Normally, the DW is the most effective data retrieval & update mechanism vs inline SQL for data lists and multiple column updates. Where the DW falls down is in multi-table updates as you have already encountered. When dealing with 2 or more tables, the DW can only be set to one of those tables for update in the DW painter. The fact that your DW did not update at all is because you never set the Update Properties settings - thus, no updating at all.
In the case of multiple table updating, you have two choices: a) perform the Update ( ) method multiple times and with each iteration, change the update properties under script control (as Terry pointed out) or b) use one DW per table.
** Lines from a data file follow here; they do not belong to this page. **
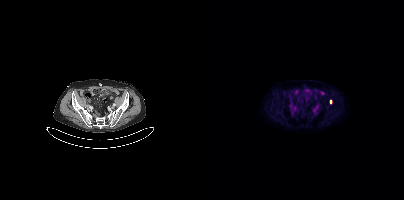
Technique: Two-panel axial: CT | PSMA PET, [18F]PSMA-1007 tracer. acquired on Siemens Biograph mCT Flow 20. PET panel 200×200 px (4.1 mm/px).
Findings: Coordinates are on the 200×200 PET (right) panel. Small PSMA-avid focus (2 to 4 px across) near (center x, center y): (126, 101).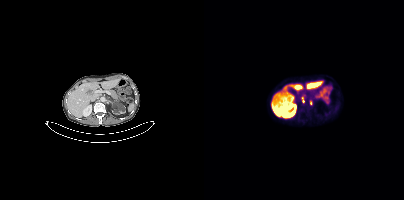
Paired axial CT (left) and PSMA PET (right), 18F-PSMA tracer. Slice position z = -226 mm. Coordinates are on the 200×200 PET (right) panel. (showing 1 of 2 foci) PSMA-avid tumor lesion bounding box (x, y, width, height): x=98 y=97 w=2 h=6.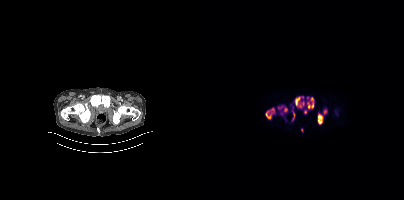
Technique: Left: CT. Right: PSMA PET, same axial level, 18F tracer. slice position z = -836 mm. PET panel 200×200 px (4.1 mm/px).
Findings: Coordinates are on the 200×200 PET (right) panel. PSMA-avid tumor lesion bounding boxes (x0, y0)-(x1, y1): (61, 108)-(70, 119) / (91, 97)-(100, 107) / (114, 114)-(118, 124) / (74, 105)-(83, 112) / (104, 102)-(109, 108) / (89, 112)-(90, 119). Small PSMA-avid foci (2 to 4 px across) near (center x, center y): (108, 98) / (121, 111) / (97, 130) / (77, 113).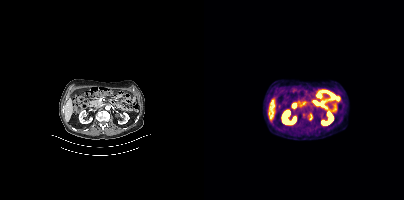
{"modality":"PSMA PET/CT","view":"axial","tracer":"[18F]PSMA-1007","pet_grid":[200,200],"coord_frame":"pet_panel","coord_format":"x0,y0,x1,y1","lesion_bboxes":[],"small_foci_centers":[[106,117]]}
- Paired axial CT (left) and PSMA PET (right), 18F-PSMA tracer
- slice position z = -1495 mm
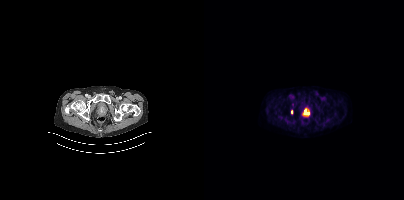
Findings: Coordinates are on the 200×200 PET (right) panel. PSMA-avid tumor lesion bounding box (x, y, width, height): x=98 y=109 w=8 h=8. Small PSMA-avid focus (2 to 4 px across) near (center x, center y): (87, 112).
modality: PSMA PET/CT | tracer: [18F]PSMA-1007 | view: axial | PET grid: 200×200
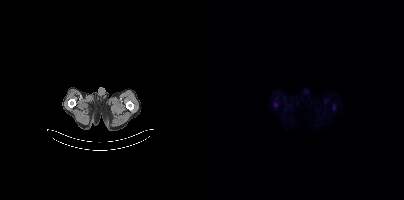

You can place the three DW's on one Window and use a common key to retrieve related table information. Then its just a case of issuing three simple Update ( ) commands (one per DW) to complete the DBMS updates. This is a lot less scripting than option "A".
In either case, the order of your table updates must comply with the parent/child (foreign key) relationships in your DB. That being said, its no difference in multi-table update complexity whether you coded it in VB vs Java vs C#, etc.